(Records excerpted from a collection)
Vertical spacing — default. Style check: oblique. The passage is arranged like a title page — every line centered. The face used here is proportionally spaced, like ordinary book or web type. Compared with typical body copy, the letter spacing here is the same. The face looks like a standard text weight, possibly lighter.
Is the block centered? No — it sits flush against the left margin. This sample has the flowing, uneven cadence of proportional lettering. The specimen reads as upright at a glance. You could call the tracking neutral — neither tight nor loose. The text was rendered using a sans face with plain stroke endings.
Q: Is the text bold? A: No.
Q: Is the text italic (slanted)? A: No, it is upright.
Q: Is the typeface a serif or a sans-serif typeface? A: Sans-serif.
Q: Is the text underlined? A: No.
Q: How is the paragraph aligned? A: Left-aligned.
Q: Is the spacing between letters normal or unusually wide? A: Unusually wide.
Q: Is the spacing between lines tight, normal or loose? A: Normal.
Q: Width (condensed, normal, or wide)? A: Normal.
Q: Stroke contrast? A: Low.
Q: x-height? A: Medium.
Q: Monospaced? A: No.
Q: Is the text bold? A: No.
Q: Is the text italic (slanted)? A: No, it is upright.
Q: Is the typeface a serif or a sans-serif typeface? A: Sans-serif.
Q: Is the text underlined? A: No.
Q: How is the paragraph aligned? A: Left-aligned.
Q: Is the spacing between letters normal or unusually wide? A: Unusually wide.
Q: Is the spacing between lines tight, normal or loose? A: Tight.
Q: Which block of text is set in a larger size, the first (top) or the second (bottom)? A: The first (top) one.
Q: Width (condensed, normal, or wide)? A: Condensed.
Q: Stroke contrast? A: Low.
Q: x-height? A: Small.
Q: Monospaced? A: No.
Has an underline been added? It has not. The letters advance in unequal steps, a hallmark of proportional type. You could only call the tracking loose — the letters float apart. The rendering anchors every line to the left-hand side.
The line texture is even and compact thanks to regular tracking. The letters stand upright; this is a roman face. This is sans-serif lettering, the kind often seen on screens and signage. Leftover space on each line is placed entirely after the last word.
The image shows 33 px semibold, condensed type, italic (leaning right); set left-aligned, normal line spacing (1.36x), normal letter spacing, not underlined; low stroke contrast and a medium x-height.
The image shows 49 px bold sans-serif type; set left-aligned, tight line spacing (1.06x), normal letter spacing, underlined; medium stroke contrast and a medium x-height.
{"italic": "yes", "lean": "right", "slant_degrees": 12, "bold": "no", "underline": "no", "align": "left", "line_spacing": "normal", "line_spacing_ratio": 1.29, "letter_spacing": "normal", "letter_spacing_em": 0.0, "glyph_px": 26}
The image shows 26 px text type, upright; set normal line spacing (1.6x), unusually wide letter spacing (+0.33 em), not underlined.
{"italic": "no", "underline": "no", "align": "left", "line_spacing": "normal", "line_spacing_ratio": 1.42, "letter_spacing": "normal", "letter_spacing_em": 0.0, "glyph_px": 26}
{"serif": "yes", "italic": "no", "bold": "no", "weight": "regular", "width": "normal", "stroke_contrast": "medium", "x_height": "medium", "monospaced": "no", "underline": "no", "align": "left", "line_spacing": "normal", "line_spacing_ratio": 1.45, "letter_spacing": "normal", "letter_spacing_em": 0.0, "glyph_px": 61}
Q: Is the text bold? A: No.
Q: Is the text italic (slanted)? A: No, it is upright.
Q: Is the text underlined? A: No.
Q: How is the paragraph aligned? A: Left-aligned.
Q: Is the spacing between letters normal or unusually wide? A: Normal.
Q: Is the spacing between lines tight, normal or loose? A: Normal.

● **THE TASK**:
Wherever the word "shows" turns up in the records, copy out the line it is on.

● **YOUR SOLUTION**:
The image shows 33 px semibold, condensed type, italic (leaning right); set left-aligned, normal line spacing (1.36x), normal letter spacing, not underlined; low stroke contrast and a medium x-height.
The image shows 49 px bold sans-serif type; set left-aligned, tight line spacing (1.06x), normal letter spacing, underlined; medium stroke contrast and a medium x-height.
The image shows 26 px text type, upright; set normal line spacing (1.6x), unusually wide letter spacing (+0.33 em), not underlined.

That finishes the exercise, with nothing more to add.